How do you act a Third Way in a Two Way world

In Byron Borger's list of reccomended books in preparation for the November election he includes this preface:
I will describe some titles that will help Christian reflection on our civic duties, a biblically-shaped vision for government and some handles on thinking about political issues in our post-Christian and pluralistic times. For those who are already ducking for cover, these are not titles about “taking back our Christian country” or those of an arrogant or triumphalistic approach which swerves toward an imposed theocracy. As always in these pages, I offer books which we trust will help thoughtful and engaged people of faith walk a third way, seeing a Godly and biblical alternative to the extreme poles and ideologies of our cultural landscape. In the realm of politics, I'd say, we want to offer books which tend to both reject the liberal social gospel and the conservative religious right. Neither do we want to yield to the hegemony of the secularized “naked public square” nor revert to some insistence that this is a Christian country (an assertion which is, in any case, historically inaccurate and doctrinally unfaithful). We really don't care as much about partisan labels as exploring how a biblical worldview would shape our social concerns and our sense of the principles involved, and then the possible policies that emerge from those principles.

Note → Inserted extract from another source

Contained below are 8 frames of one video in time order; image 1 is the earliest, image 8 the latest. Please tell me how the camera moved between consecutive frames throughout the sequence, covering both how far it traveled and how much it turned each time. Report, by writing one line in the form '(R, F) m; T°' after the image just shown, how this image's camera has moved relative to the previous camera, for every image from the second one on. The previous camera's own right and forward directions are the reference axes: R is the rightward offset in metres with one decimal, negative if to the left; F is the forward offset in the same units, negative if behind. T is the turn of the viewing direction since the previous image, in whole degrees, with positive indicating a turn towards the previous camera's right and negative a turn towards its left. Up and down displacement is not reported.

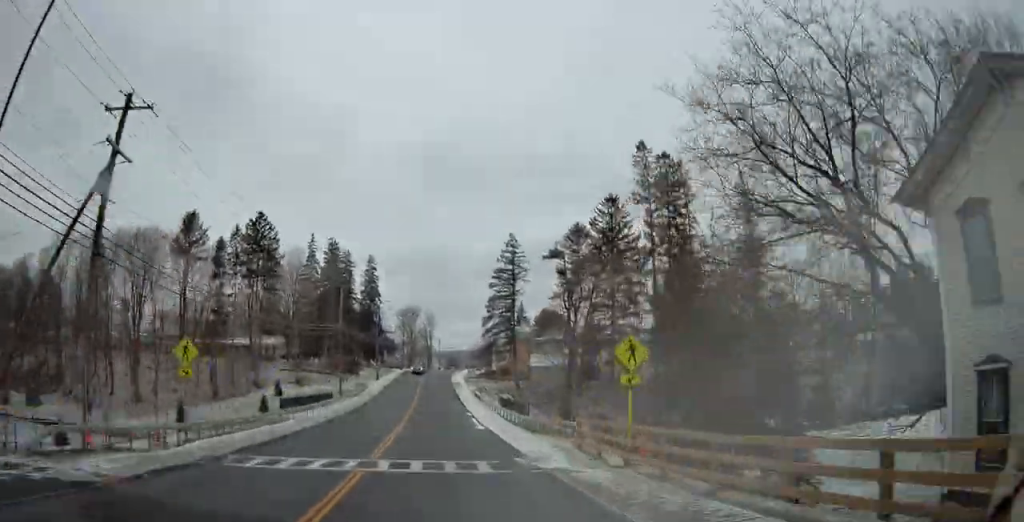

I very much agree with his position here. I do look for that third way. But what is tragic is that the reflection on policies emerging from the principles consistent with my christian perspectives lie so broadly across the limited spectrum of political party positions. I have had to prioritize the different policy positions and in that way start making decisions about political action supporting separate parties. In addition, I have to look at how successfully the two parties have implemented policies that I find essential to a biblical worldview. My feeling is that Ronald Reagan paid lip service to life politics in order to gain a following, and then was either unwilling or unable to move the decision forward. The same can certainly be said for Democratic inability to really make changes in policies of world justice (Clinton does still have Ruwanda on his head). So you won't see "Blog for Bush" or "Kerry Edwards" on this blog. At least not yet.